Art has the capacity to evoke a range of emotions from the viewer, whether it be religious fervour, nostalgia, romance or even horror. Valentine Green’s engraving, Youth rescued from a Shark (1779), is designed to portray what was seen as, and to a large extent is still considered, one of the most feared aspects of the ocean – a shark attack.
In 1749, the fourteen-year-old English sailor, Brook Watson, was swimming in Havana Harbour, Cuba when he was attacked by a shark. Watson had been serving on board an American merchant ship before he decided to take that fateful swim. His shipmates spotted him struggling against the shark and rowed to his aid. Watson managed to disentangle himself; however the shark had severed his right foot at the ankle and he later had his leg amputated just below the knee.
This image captures the moment just after Watson loses his right foot and before his crew mates managed to hoist him into the boat. The engraving is a copy of the 1778 oil painting by American artist John Singleton Copley. Almost 30 years after the attack, Watson, then a successful businessman, commissioned the well-known portraitist to depict the event. Immortalised in paint, Watson and the Shark caused a sensation when it was exhibited at London’s Royal Academy in the same year. A London newspaper provided a detailed description of the attack, though it is believed that Watson wrote it himself. It is dramatic and stirring in its tone concluding, ‘after suffering an amputation of the limb…the youth received a perfect cure in about three months.’
While Watson’s motivations behind the commission are unclear, six years after the painting shocked London viewers, he entered politics. An entry into this sphere brought with it the usual drawbacks of politically-motivated derisive commentary from his peers. The Rolliad (1812), a British satirical publication designed to poke fun at politicians, penned this scathing critique of Watson and the story that made him famous:
‘“One moment’s time might I presume to beg?”
Cries modest Watson, on his wooden leg;
That leg, in which such wondrous art is shown,
It almost seems to serve him like his own;
Oh! had the monster, who for breakfast ate
That luckless limb, his nobler noddle met,
The best of workmen, nor the best of wood,
Had scarce supplied him with a head so good.’
Worlds away from the shark attack these cutting remarks were attacks of a different kind, designed to thwart Watson’s political ambitions. What it demonstrates, however, is how Watson’s public persona became synonymous with the terrifying tale of his struggle against the shark. The fact that the painting was reproduced in this engraving also lends itself to this idea, as it would have been printed and distributed for buyers interested in obtaining a copy of it. Below the engraving is a small blurb in English and French detailing the ‘Loss of the Flesh & Foot, torn from the Right Leg’ and Watson being ‘sav’d from the Jaws of the voracious Animal’.

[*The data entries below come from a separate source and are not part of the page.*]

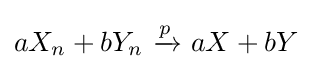
aX_{n}+bY_{n}\ {\xrightarrow {\overset {}{p}}}\ aX+bY
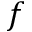
f
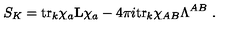
S _ { K } = \mathrm { t r } _ { k } \chi _ { a } { \bf L } \chi _ { a } - 4 \pi i \mathrm { t r } _ { k } \chi _ { A B } \Lambda ^ { A B } \ .
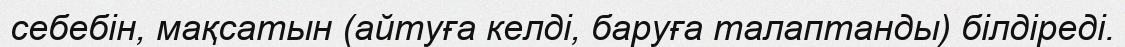
себебін, мақсатын (айтуға келді, баруға талаптанды) білдіреді.
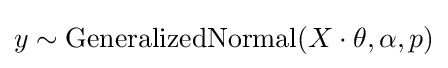
y\sim \mathrm {GeneralizedNormal} (X\cdot \theta ,\alpha ,p)
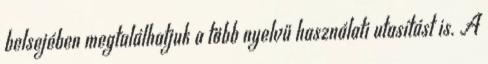
belsejében megtalálhatjuk a több nyelvű használati utasítást is. A
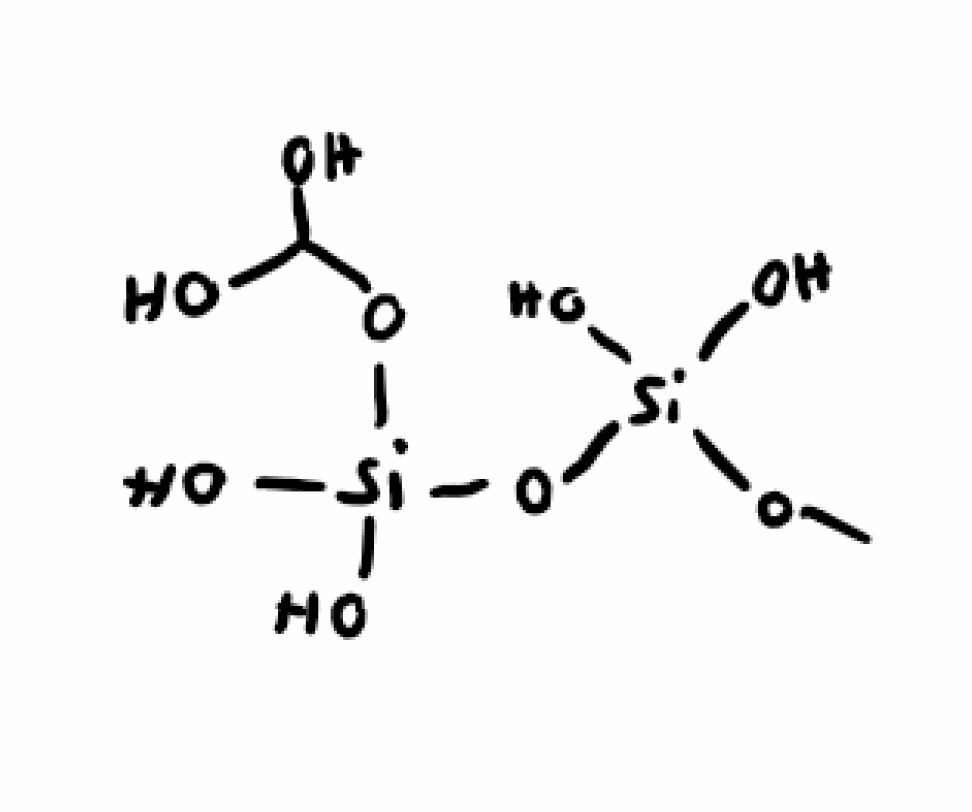
Simplified molecular-input line-entry system (SMILES) notation of the given molecule:
CO[Si](O)(O)O[Si](O)(O)OC(O)O
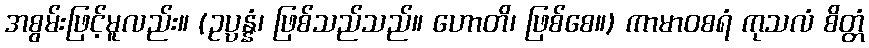
အစွမ်းဖြင့်မူလည်း။ (ဥပ္ပန္နံ၊ ဖြစ်သည်သည်။ ဟောတိ၊ ဖြစ်စေ။) ကာမာဝစရံ ကုသလံ စိတ္တံ
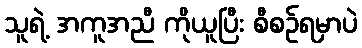
သူရဲ့ အကူအညီ ကိုယူပြီး စီစဉ်ရမှာပဲ
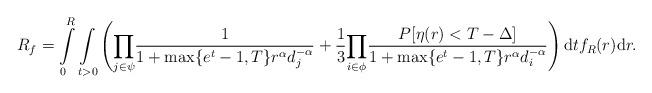
LaTeX: \begin{align*} R_f = \int\limits_{0}^{R}\underset{t>0}\int\left(\underset{j \in \psi}\prod\frac{1}{1+\max\{e^t-1,T\} r^\alpha d_j^{-\alpha}}+\frac{1}{3}\underset{i \in \phi}\prod\frac{P[\eta(r)<T-\Delta]}{1+\max\{e^t-1,T\}r^\alpha d_i^{-\alpha}}\right)\mathrm{d}tf_R(r)\mathrm{d}r.\end{align*}
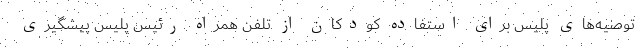
توصیه‌های پلیس برای استفاده کودکان از تلفن همراه رئیس پلیس پیشگیری
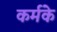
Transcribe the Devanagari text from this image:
कर्मके
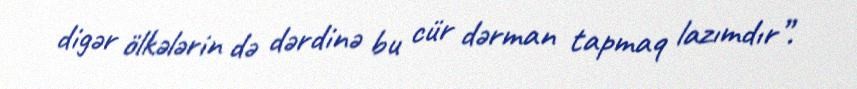
digər ölkələrin də dərdinə bu cür dərman tapmaq lazımdır”.
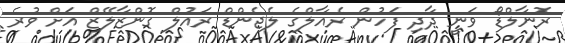
ރޮނާލްޑޯ ވަނީ ދާދި ފަހުން ރެއާލްގެ ލެޖެންޑް ރައުލް ގޮންޒާލޭޒް އަށް ވުރެ
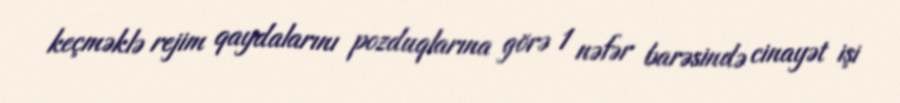
keçməklə rejim qaydalarını pozduqlarına görə 1 nəfər barəsində cinayət işi
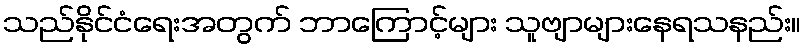
သည်နိုင်ငံရေးအတွက် ဘာကြောင့်များ သူဗျာများနေရသနည်း။

Green’s engraving demonstrates the popularity of Copley’s painting, but it also hints at the range of possibilities for what it may have represented for its viewers. An orphan from the age of six, perhaps Watson commissioned the work out of more than a self-indulgent desire to record this significant chapter in his life. In this light, the painting acts as an 18th century parable of survival in the face of adversity. Watson’s will, dated 12 August 1803, echoes this sentiment as he concluded he would donate the painting to Christ’s Hospital in London. In praise of their charitable efforts for disadvantaged children, he hoped it would stand as a ‘most usefull [sic] Lesson to Youth.’